2. Set Up MongoDB Connection

from pymongo import MongoClient

def get_mongo_client():
    client = MongoClient("mongodb://localhost:27017/")
    return client

def fetch_posts(client):
    db = client['social_media']
    collection = db['posts']
    posts = list(collection.find({"timestamp": {"$gte": <last_hour_timestamp>}}))
    return posts

3. Data Cleaning

import nltk
from nltk.corpus import stopwords
from nltk.tokenize import word_tokenize
import string

nltk.download('stopwords')
nltk.download('punkt')

def clean_text(text):
    tokens = word_tokenize(text)
    tokens = [word.lower() for word in tokens if word.isalnum()]
    tokens = [word for word in tokens if word not in stopwords.words('english')]
    return ' '.join(tokens)

4. Contextual and Semantic Filtering

from transformers import pipeline

def filter_posts(posts):
    nlp_model = pipeline("sentiment-analysis")
    important_posts = []
    for post in posts:
        if any(keyword in post['text'].lower() for keyword in ['update', 'announcement', 'change', 'development']):
            sentiment = nlp_model(post['text'])[0]
            if sentiment['label'] == 'POSITIVE' or sentiment['label'] == 'NEGATIVE':
                important_posts.append(post)
    return important_posts

5. Generate Summaries Using OpenAI API

from openai import OpenAI

client = OpenAI(api_key='YOUR_OPENAI_API_KEY')

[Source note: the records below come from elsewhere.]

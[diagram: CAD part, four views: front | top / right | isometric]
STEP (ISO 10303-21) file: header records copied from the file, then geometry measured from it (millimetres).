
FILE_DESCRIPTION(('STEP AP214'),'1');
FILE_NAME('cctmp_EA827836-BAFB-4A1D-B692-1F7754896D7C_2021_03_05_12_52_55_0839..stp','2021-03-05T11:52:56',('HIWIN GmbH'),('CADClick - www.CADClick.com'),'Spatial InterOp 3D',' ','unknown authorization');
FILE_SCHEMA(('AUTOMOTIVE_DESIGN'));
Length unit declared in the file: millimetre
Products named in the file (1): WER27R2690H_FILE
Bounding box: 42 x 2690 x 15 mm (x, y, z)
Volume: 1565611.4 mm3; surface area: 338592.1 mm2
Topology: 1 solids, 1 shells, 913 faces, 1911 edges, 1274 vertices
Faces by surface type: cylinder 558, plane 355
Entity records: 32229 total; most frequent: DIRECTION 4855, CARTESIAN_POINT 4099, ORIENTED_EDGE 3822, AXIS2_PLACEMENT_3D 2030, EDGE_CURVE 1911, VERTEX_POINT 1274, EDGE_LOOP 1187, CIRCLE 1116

def generate_summary(post_text):
    response = client.chat.completions.create(
        model="gpt-4",
        messages=[{"role": "user", "content": f"Summarize the following text: {post_text}"}],
        max_tokens=50
    )
    summary = response.choices[0].message['content'].strip()
    return summary

6. Store Summaries in MongoDB

def store_summaries(client, summaries):
    db = client['social_media']
    collection = db['summaries']
    collection.insert_many(summaries)

7. Post Summaries to Discord Channel

import discord

client = discord.Client()

@client.event
async def on_ready():
    print(f'We have logged in as {client.user}')

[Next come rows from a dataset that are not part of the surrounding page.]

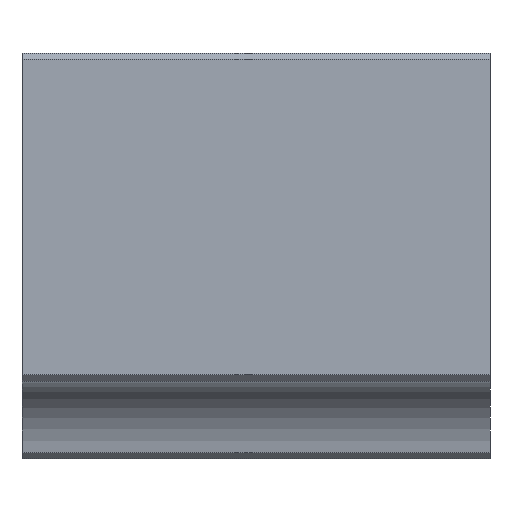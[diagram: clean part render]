
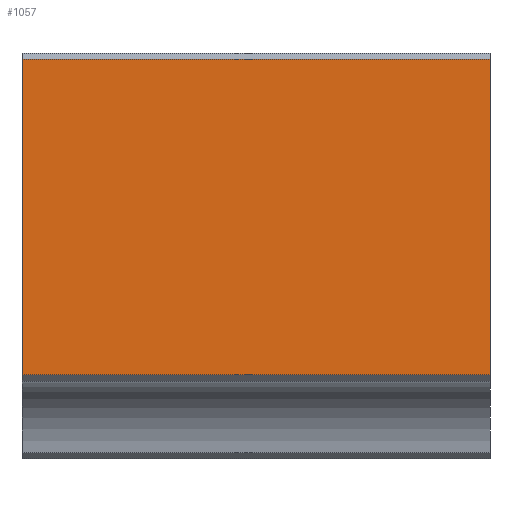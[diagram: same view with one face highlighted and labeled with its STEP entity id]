
A CAD part, front view. The second image highlights one B-rep face of the part: STEP entity #1057.
In plain terms, the highlighted planar face has unit normal (0, -1, 0).
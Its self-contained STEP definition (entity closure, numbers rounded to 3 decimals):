
#61=FACE_OUTER_BOUND('',#113,.T.);
#113=EDGE_LOOP('',(#919,#920,#921,#922));
#133=LINE('',#1425,#279);
#182=LINE('',#1524,#328);
#227=LINE('',#1614,#373);
#266=LINE('',#1685,#412);
#279=VECTOR('',#1161,10.);
#328=VECTOR('',#1218,10.);
#373=VECTOR('',#1267,10.);
#412=VECTOR('',#1370,10.);
#426=VERTEX_POINT('',#1422);
#427=VERTEX_POINT('',#1424);
#473=VERTEX_POINT('',#1522);
#516=VERTEX_POINT('',#1612);
#528=EDGE_CURVE('',#426,#427,#133,.T.);
#578=EDGE_CURVE('',#473,#426,#182,.T.);
#623=EDGE_CURVE('',#473,#516,#227,.T.);
#662=EDGE_CURVE('',#427,#516,#266,.T.);
#919=ORIENTED_EDGE('',*,*,#578,.F.);
#920=ORIENTED_EDGE('',*,*,#623,.T.);
#921=ORIENTED_EDGE('',*,*,#662,.F.);
#922=ORIENTED_EDGE('',*,*,#528,.F.);
#1005=PLANE('',#1127);
#1057=ADVANCED_FACE('',(#61),#1005,.T.);
#1127=AXIS2_PLACEMENT_3D('',#1686,#1371,#1372);
#1161=DIRECTION('',(0.,0.,1.));
#1218=DIRECTION('',(-1.,0.,0.));
#1267=DIRECTION('',(0.,0.,1.));
#1370=DIRECTION('',(1.,0.,0.));
#1371=DIRECTION('center_axis',(0.,-1.,0.));
#1372=DIRECTION('ref_axis',(1.,0.,0.));
#1422=CARTESIAN_POINT('',(-7.5,-7.,2.7));
#1424=CARTESIAN_POINT('',(-7.5,-7.,12.8));
#1425=CARTESIAN_POINT('',(-7.5,-7.,0.));
#1522=CARTESIAN_POINT('',(7.5,-7.,2.7));
#1524=CARTESIAN_POINT('',(7.5,-7.,2.7));
#1612=CARTESIAN_POINT('',(7.5,-7.,12.8));
#1614=CARTESIAN_POINT('',(7.5,-7.,0.));
#1685=CARTESIAN_POINT('',(-3.75,-7.,12.8));
#1686=CARTESIAN_POINT('Origin',(-7.5,-7.,0.));

async def post_summary(channel_id, summary):
    channel = client.get_channel(channel_id)
    await channel.send(summary)

client.run('YOUR_DISCORD_BOT_TOKEN')

8. Main Script to Orchestrate Everything

import schedule
import time

def job():
    mongo_client = get_mongo_client()
    posts = fetch_posts(mongo_client)
    cleaned_posts = [clean_text(post['text']) for post in posts]
    important_posts = filter_posts(cleaned_posts)
    summaries = [{'post_id': post['_id'], 'summary': generate_summary(post['text'])} for post in important_posts]
    store_summaries(mongo_client, summaries)
    for summary in summaries:
        post_summary('YOUR_DISCORD_CHANNEL_ID', summary['summary'])

schedule.every().hour.do(job)

while True:
    schedule.run_pending()
    time.sleep(1)

Detailed Steps Explanation

  1. Set Up Environment:

    • Install all necessary Python libraries.
    • Set up MongoDB with collections for posts and summaries.
    • Register and set up a Discord bot.
  2. Fetch Data from MongoDB:

    • Connect to MongoDB and fetch posts from the last hour.
  3. Data Cleaning:

    • Clean the text data by removing duplicates, tokenizing, normalizing text, and removing stop words.
  4. Contextual and Semantic Filtering:

    • Use NLP models to filter out posts that contain important keywords and have a significant sentiment.
  5. Generate Summaries Using OpenAI API:

    • Summarize the filtered posts using the OpenAI API.
  6. Store Summaries in MongoDB:

    • Save the generated summaries back into the MongoDB summaries collection.
  7. Post Summaries to Discord Channel:

    • Use a Discord bot to post the summaries to a specific Discord channel.

By following these steps and using the provided scripts, you can set up an automated system to fetch, process, summarize, and post social media data.